Motor ist der gleiche, ist nur eine andere Spindel montiert worden wg. Ausfall …

An den Motordaten hat ein Siemens-Techniker rumgedreht, als die Spindel mit geänderten Getriebedaten nicht höher als 3300 rpm drehen wollte. Danach hat sie dann bei 50% am MSST schon 6000 rpm gedreht, Tipp von Siemens: Geschwindigkeitsregleroptimierung , er würde überschwingen bei 100% …

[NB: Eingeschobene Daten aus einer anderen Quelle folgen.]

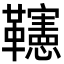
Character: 𩍹
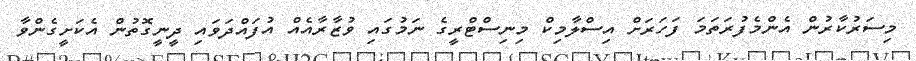
މިސަރުކާރުން އެންމެފުރަތަމަ ފަހަރަށް އިސްލާމިކް މިނިސްޓްރީގެ ނަމުގައި ވުޒާރާއެއް އުފައްދަވައި ދީނީގޮތުން އެކަށީގެންވާ
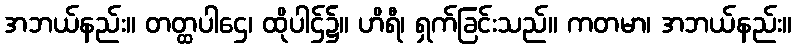
အဘယ်နည်း။ တတ္ထပါဌေ၊ ထိုပါဌ်၌။ ဟိရီ၊ ရှက်ခြင်းသည်။ ကတမာ၊ အဘယ်နည်း။
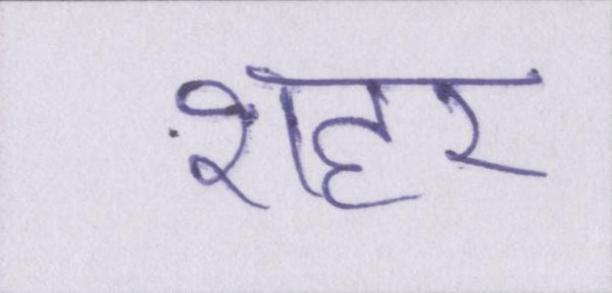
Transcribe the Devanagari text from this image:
शहर
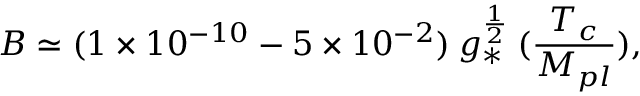
B \simeq ( 1 \times 1 0 ^ { - 1 0 } - 5 \times 1 0 ^ { - 2 } ) \: g _ { * } ^ { \frac { 1 } { 2 } } \: ( { \frac { T _ { c } } { M _ { p l } } } ) ,
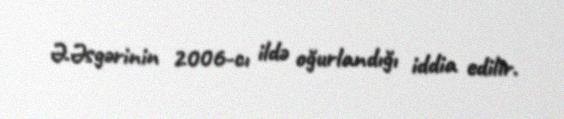
Ə.Əsgərinin 2006-cı ildə oğurlandığı iddia edilir.
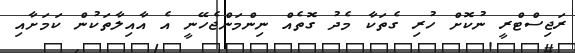
ރަޖިސްޓްރީ ނުކޮށް ހުރި ގެތަކާ މެދު ގޮތެއް ނިންމަންޖެހޭނީ އެ އާއިލާތަކުން ކަމަށާއި
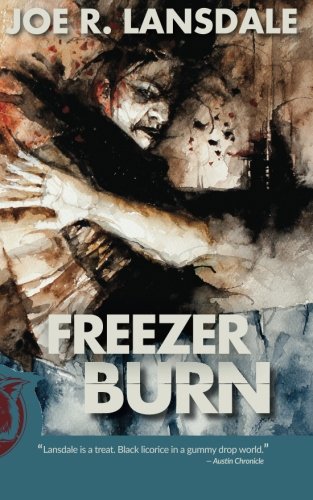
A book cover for Freezer Burn; Joe R Lansdale; Literature & Fiction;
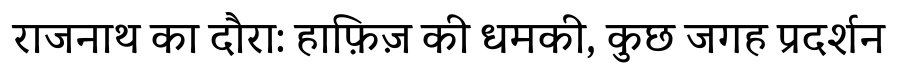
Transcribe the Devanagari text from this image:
राजनाथ का दौरा: हाफ़िज़ की धमकी, कुछ जगह प्रदर्शन
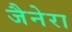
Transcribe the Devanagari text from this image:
जैनेरा
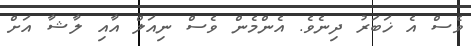
ވެސް އެ ޚަބަރު ދިނެވެ. އެންމެން ވެސް ނިއަލް އާއި ލާޝާ އަށް
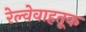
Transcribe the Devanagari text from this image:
रेल्वेवाहतूक
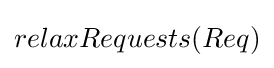
relaxRequests(Req)
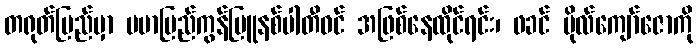
တရုတ်ပြည်မှာ ဗမာပြည်ကွန်မြူနစ်ပါတီဝင် အဖြစ်နေထိုင်ရင်း၊ ဖခင် ဗိုလ်ကျော်ဇောကို
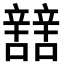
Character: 𨐼
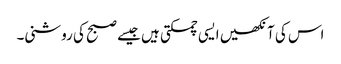
اس کی آنکھیں ایسی چمکتی ہیں جیسے صبح کی روشنی۔
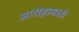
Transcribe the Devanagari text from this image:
आरोहामध्ये
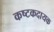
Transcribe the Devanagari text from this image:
कष्टकदायक

Verändert wurde eigentlich nur an der Getriebeübersetzung, die war bei Getriebestufe 1 24:10, nun auf 10:10.
Komisch ist das in den Spindeldaten eine Resultierende max. Begrenzung von 3300 rpm steht (Begrenzung durch Driveparameter p1082 steht da im Popup) aber in P1082 steht 7200 rpm …

War die ganze Woche unterwegs, werde heute noch ein Archiv hochladen …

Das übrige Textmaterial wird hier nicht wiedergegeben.